Definitely School of Explorer, but all its own watch :-!


----------



## miatast (Oct 15, 2014)

Corduroy_Pillows said:


> HMT Janata from hmtwatchesonline.com. Wanted to be guaranteed to get an original.
> 
> View attachment 1780858


Are those used watches? the one pictured looks so blemished


----------



## EL_GEEk (Jan 10, 2014)

It's finally here. One of my White whales. She is as pretty as I thought and more.










The previous owner had replaced the original hands for these










Not being a fan of the look, I switched them back to the original.


----------



## efauser (Aug 11, 2014)




----------



## whatmeworry (Jul 31, 2009)

Der Amf said:


> Definitely School of Explorer, but all its own watch :-!


Aye, it's definitely a gentleman adventurer's timepiece


----------



## yankeexpress (Apr 7, 2013)

Another batch of half-price Fewsome custom quartz.
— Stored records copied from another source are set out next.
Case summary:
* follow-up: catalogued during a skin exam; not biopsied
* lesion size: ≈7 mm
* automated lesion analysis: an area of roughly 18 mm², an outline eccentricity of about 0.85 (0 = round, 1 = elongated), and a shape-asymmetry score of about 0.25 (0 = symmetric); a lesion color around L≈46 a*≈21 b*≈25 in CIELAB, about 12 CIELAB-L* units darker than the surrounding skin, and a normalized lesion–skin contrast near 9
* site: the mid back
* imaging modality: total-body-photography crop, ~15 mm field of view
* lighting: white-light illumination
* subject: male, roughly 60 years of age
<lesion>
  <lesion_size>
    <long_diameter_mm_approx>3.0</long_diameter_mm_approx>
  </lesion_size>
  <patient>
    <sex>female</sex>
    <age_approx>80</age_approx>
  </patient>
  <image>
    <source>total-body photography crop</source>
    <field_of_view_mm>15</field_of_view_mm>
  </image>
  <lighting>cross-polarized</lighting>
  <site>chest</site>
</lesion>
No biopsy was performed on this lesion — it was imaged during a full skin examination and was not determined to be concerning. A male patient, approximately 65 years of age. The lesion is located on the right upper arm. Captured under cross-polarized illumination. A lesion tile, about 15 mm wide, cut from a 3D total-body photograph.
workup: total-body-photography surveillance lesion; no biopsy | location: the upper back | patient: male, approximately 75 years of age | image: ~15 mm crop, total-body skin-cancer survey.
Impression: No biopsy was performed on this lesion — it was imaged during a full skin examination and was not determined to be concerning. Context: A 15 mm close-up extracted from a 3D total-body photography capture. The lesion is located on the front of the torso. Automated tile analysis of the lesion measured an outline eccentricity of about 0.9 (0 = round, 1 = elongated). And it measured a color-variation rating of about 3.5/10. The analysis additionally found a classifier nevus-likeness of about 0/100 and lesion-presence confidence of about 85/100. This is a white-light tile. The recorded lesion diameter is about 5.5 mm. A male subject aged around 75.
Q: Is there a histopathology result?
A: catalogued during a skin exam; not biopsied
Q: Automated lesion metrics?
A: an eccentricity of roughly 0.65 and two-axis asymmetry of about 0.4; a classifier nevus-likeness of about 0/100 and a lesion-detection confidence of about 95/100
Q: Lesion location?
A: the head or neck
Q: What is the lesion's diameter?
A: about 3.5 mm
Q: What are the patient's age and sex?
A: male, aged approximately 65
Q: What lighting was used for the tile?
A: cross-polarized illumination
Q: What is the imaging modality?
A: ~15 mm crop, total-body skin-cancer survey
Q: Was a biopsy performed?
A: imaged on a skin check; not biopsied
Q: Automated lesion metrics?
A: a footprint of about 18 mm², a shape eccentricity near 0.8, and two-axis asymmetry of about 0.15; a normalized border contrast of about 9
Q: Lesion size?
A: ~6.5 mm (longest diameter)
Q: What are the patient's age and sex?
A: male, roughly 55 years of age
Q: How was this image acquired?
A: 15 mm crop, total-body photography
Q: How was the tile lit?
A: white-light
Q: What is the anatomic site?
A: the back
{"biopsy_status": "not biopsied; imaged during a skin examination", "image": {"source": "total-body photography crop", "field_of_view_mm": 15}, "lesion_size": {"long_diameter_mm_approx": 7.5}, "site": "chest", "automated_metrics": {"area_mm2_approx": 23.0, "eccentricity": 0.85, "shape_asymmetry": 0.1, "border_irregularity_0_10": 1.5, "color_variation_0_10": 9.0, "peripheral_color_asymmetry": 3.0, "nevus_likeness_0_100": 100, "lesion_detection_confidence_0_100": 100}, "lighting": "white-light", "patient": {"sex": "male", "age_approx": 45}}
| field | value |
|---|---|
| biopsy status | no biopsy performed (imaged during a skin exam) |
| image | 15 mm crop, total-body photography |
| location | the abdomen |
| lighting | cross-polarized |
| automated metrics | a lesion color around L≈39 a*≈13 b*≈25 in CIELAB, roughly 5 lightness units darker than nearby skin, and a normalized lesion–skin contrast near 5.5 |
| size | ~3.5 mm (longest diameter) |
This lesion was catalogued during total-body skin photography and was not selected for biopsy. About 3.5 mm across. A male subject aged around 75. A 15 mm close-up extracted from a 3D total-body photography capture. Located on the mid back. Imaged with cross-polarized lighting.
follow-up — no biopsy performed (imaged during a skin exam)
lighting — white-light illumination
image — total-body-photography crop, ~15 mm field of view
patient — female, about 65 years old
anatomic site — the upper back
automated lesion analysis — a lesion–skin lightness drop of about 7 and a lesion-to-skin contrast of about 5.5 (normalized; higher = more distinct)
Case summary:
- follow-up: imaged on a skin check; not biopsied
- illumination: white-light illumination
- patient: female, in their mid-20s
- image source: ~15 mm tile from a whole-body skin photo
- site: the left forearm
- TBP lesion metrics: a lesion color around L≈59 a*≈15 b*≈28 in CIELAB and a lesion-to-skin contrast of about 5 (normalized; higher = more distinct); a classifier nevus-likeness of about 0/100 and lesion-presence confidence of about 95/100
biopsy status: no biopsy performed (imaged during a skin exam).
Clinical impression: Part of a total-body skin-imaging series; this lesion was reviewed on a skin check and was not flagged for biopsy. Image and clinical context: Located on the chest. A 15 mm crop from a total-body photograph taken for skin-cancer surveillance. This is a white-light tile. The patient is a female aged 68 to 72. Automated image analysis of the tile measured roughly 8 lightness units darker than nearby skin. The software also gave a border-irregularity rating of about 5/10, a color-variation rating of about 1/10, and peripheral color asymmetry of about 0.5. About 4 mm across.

See the Fewsome thread for a boatload of pictures of the color combinations

https://www.watchuseek.com/f71/anyo...fewsome-com-make-your-own-watch-675448-9.html


----------



## whatmeworry (Jul 31, 2009)

EL_GEEk said:


> It's finally here. One of my White whales. She is as pretty as I thought and more.
> 
> 
> 
> ...


To my eyes the original hands definitely work better


----------



## mrsgarkenzie (Oct 2, 2013)

Rudi K said:


> Just opened the post.... and here's a surprise! 70's vintage Kronatron Electra, Swiss-made hand wind. "Electronically Timed". Very kool looking blue dial, goes nice with this shirt. It's a keeper.


I LOVE IT.

WOWZA! Need some bigger photos though


----------



## Quicksilver (Jan 12, 2012)

EL_GEEk said:


> It's finally here. One of my White whales. She is as pretty as I thought and more.
> 
> 
> 
> ...


Congrats Geek. I agree on the hands. Nice pickup.


----------



## Deledda (Jun 15, 2014)

2 more straps








Leather 3 ring Zulu
And
Suigeneric


----------



## sinner777 (Jan 13, 2013)

yankeexpress said:


> This one is NOS along with the 104 I posted earlier from f/29 sales forum member in Croatia. He may have another.
> 
> https://www.watchuseek.com/f29/fs-c...r-mtd-1048-rare-discontinued-nib-1092945.html


sorry, this was the last one MTD1048..ever. MDV104 can be found but hardly.


----------



## SteamJ (Jun 30, 2013)

EL_GEEk said:


> It's finally here. One of my White whales. She is as pretty as I thought and more.
> 
> Not being a fan of the look, I switched them back to the original.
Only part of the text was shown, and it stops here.